James Stewart (1908–1997) was a prolific American actor who appeared in a variety of film roles in Hollywood, primarily of the Golden Age of Hollywood. From the beginning of his film career in 1934 through his final theatrical project in 1991, Stewart appeared in more than 92 films, television programs, and short subjects.
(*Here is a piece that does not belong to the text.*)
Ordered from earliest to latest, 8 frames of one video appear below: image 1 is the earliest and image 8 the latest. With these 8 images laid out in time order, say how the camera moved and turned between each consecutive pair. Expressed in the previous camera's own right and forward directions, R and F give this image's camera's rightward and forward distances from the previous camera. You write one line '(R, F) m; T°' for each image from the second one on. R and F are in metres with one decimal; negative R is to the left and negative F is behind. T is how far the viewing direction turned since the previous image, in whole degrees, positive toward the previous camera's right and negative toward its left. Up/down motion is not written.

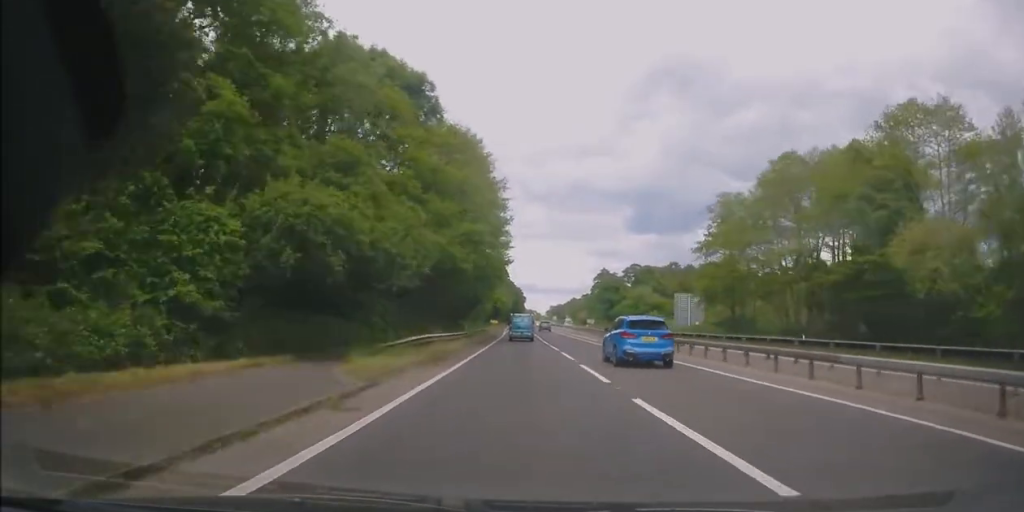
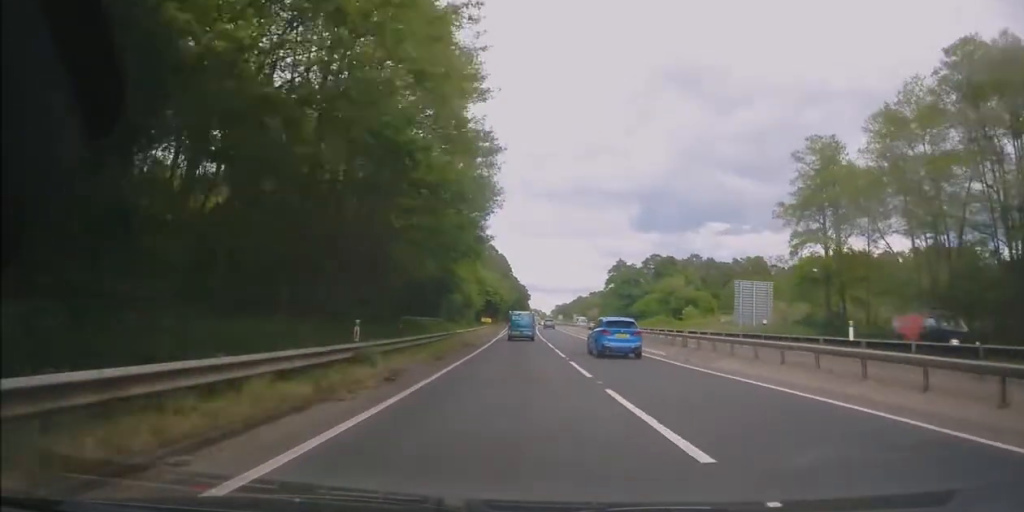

Stewart received several awards and nominations for his work. In 1999, he was ranked third by the American Film Institute on its "AFI's 100 Years... 100 Stars" list.

Twelve of his films have been preserved in the United States National Film Registry. He won the Academy Award for Best Actor for The Philadelphia Story whilst roles in Mr. Smith Goes to Washington, It's a Wonderful Life, Harvey and Anatomy of a Murder earned him Academy Award nominations. He also won a Golden Globe Award for his role in the television series Hawkins.

==Film career==
===Directors===
Stewart made his mark in screwball comedies, suspense thrillers, westerns and family comedies. He worked multiple times with directors, such as Anthony Mann (Winchester '73, Bend of the River, Thunder Bay, The Naked Spur, The Glenn Miller Story, The Far Country, The Man from Laramie and Strategic Air Command), Alfred Hitchcock (Rope, Rear Window, The Man Who Knew Too Much and Vertigo), John Ford (Two Rode Together, The Man Who Shot Liberty Valance and Cheyenne Autumn) and Frank Capra (It's a Wonderful Life, Mr. Smith Goes to Washington and You Can't Take It with You).

Directors with whom he also worked include Henry Hathaway (Call Northside 777 and How the West Was Won), Frank Borzage (The Mortal Storm), Ernst Lubitsch (The Shop Around the Corner), Billy Wilder (The Spirit of St. Louis) and Otto Preminger (Anatomy of a Murder).

===Actors===
Actors with whom Stewart worked include Lionel Barrymore, Ward Bond, Walter Brennan, Raymond Burr, Harry Carey, John Dall, Charles Drake, Dan Duryea, Frank Faylen, Henry Fonda, Clark Gable, Ben Gazzara, Farley Granger, Cary Grant, Tom Helmore, Charlton Heston, Rock Hudson, Todd Karns, Arthur Kennedy, Karl Malden, Lee Marvin, Bernard Miles, Thomas Mitchell, Robert Mitchum, Frank Morgan, Harry Morgan, Arthur O'Connell, William Powell, Claude Rains, Oliver Reed, Edward G. Robinson, Mickey Rooney, Robert Ryan, George C. Scott, Robert Taylor, Spencer Tracy, Henry Travers, John Wayne, Richard Widmark and Cornel Wilde.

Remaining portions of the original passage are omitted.